The best approach relies on the ReadWriteResourceLock which use to have big performance issues due to the so called Convoy Problem.
The best article I've found treating the subject is this one by Jeffrey Richter which exposes its own method for a high performance solution.
So the requirements are: you need to enumerate through an IList<> without making a copy while simultaniously adding and removing elements.
Could you clarify a few things? Are insertions and deletions happening only at the beginning or end of the list?
If modifications can occur at any point in the list, how should the enumeration behave when elements are removed or added near or on the location of the enumeration's current element?
This is certainly doable by creating a custom IEnumerable object with perhaps an integer index, but only if you can control all access to your IList<> object (for locking and maintaining the state of your enumeration). But multithreaded programming is a tricky business under the best of circumstances, and this is a complex probablem.
Forech depends on the fact that the collection will not change. If you want to iterate over a collection that can change, use the normal for construct and be prepared to nondeterministic behavior. Locking might be a better idea, depending on what you're doing.

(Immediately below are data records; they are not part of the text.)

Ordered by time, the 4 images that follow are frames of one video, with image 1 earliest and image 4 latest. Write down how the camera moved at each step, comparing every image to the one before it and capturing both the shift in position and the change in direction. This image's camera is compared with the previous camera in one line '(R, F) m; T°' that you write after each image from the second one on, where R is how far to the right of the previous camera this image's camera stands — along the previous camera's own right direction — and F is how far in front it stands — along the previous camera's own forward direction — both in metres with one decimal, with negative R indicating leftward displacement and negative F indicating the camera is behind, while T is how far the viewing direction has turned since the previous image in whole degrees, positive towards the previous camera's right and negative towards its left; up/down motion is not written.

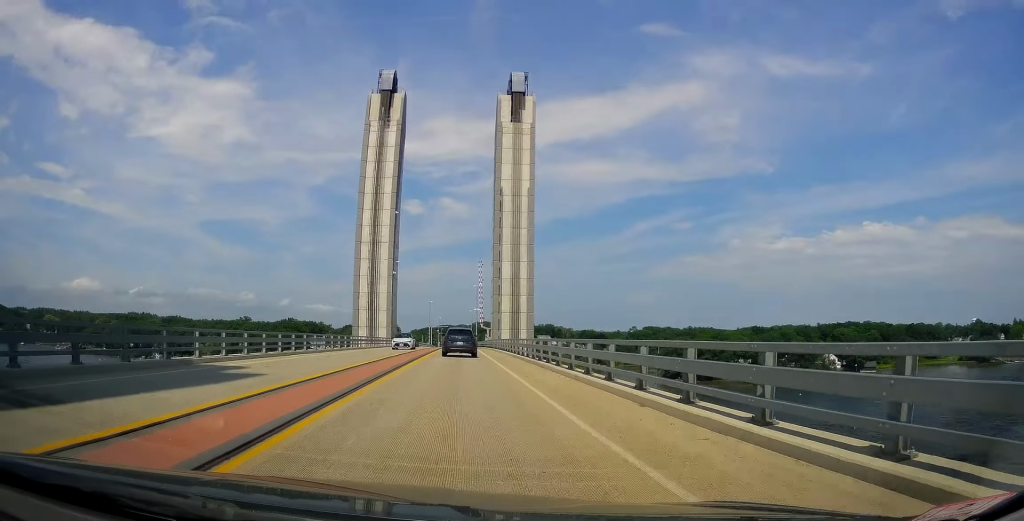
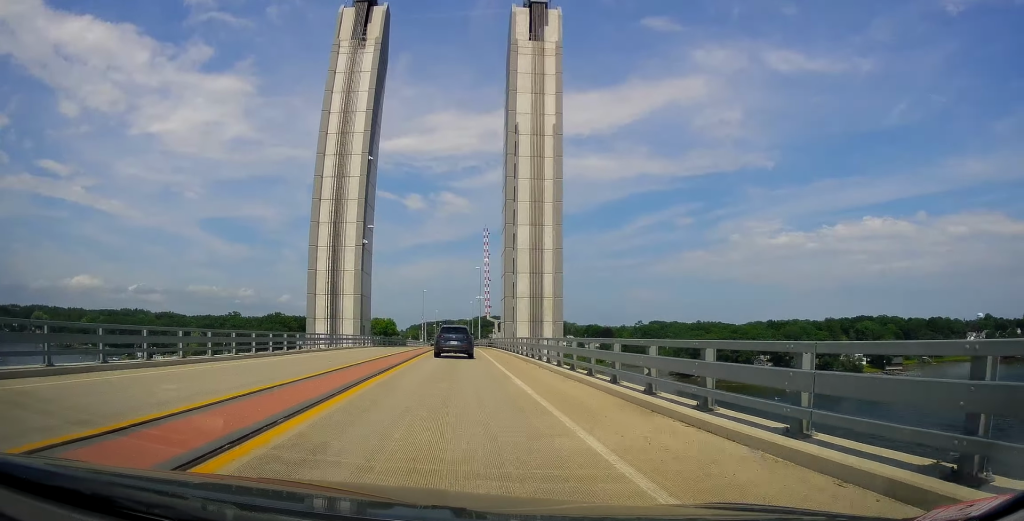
(0.0, +26.3) m; 0°
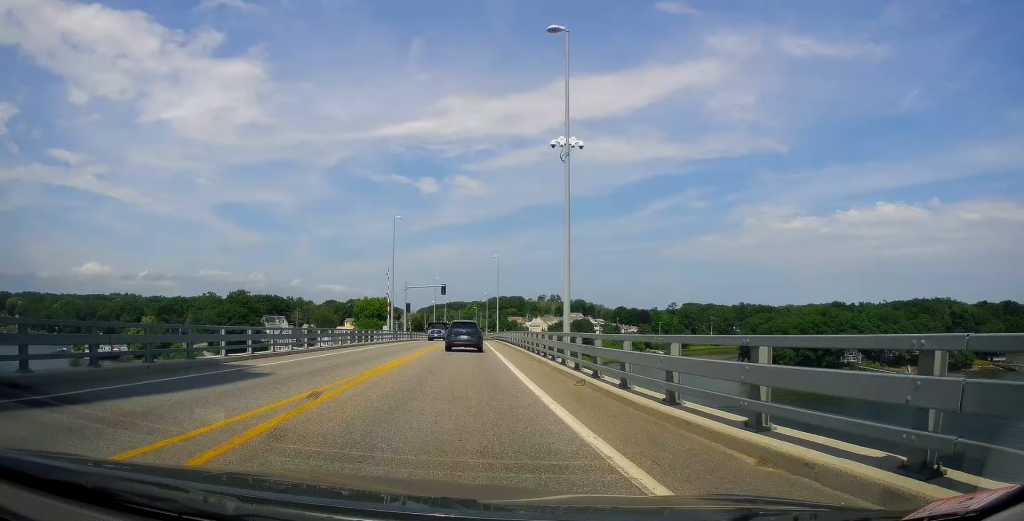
(+0.1, +76.2) m; 0°
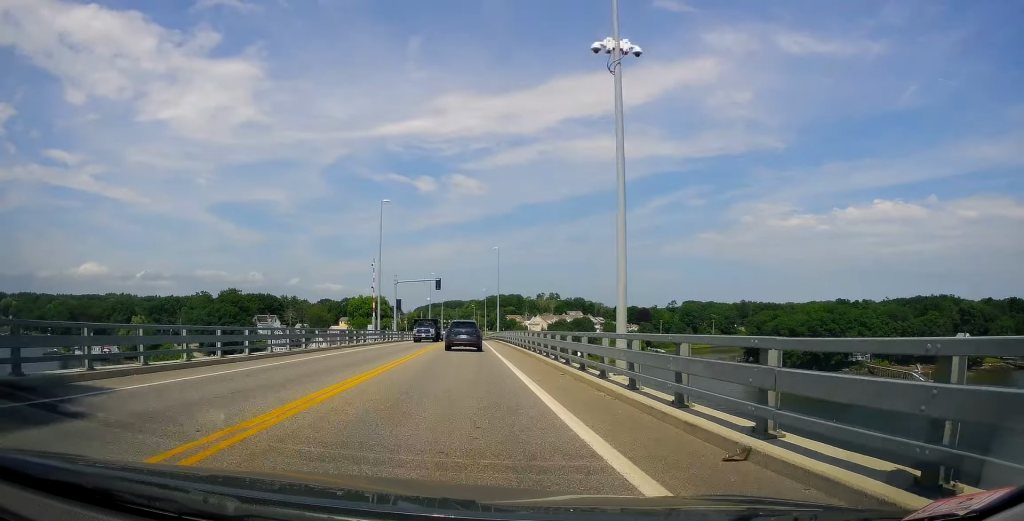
(+0.3, +7.3) m; +1°

Default behavior for a simple indexed data structure like a linked list, b-tree, or hash table is to enumerate in order from the first to the last. It would not cause a problem to insert an element in the data structure after the iterator had already past that point or to insert one that the iterator would enumerate once it had arrived, and such an event could be detected by the application and handled if the application required it. To detect a change in the collection and throw an error during enumeration I could only imagine was someone's (bad) idea of doing what they thought the programmer would want. Indeed, Microsoft has fixed their collections to work correctly. They have called their shiny new unbroken collections ConcurrentCollections (System.Collections.Concurrent) in .NET 4.0.
I recently spend some time multip-threading a large application and had a lot of issues with the foreach operating on list of objects shared across threads.
In many cases you can use the good old for-loop and immediately assign the object to a copy to use inside the loop. Just keep in mind that all threads writing to the objects of your list should write to different data of the objects. Otherwise, use a lock or a copy as the other contributors suggest.
Example:
foreach(var p in Points)
{
// work with p...
}
Can be replaced by:
for(int i = 0; i < Points.Count; i ++)
{
Point p = Points[i];
// work with p...
}
Wrap the list in a locking object for reading and writing. You can even iterate with multiple readers at once if you have a suitable lock, that allows multiple concurrent readers but also a single writer (when there are no readers).
This is something that I've recently had to deal with and to me it really depends on what you're doing with the list.
If you need to use the list at a point in time (given the number of elements currently in it) AND another thread can only ADD to the end of the list, then maybe you just switch out to a FOR loop with a counter. At the point you grab the counter, you're only seeing X numbers of elements in the list. You can walk through the list (while others are adding to the end of it) . . . should not cause a problem.
Now, if the list needs to have items taken OUT of it by other threads, or CLEARED by other threads, then you'll need to implement one of the locking mechanisms mentioned above. Also, you may want to look at some of the newer "concurrent" collection classes (though I don't believe they implement IList - so you may need refactor for a dictionary).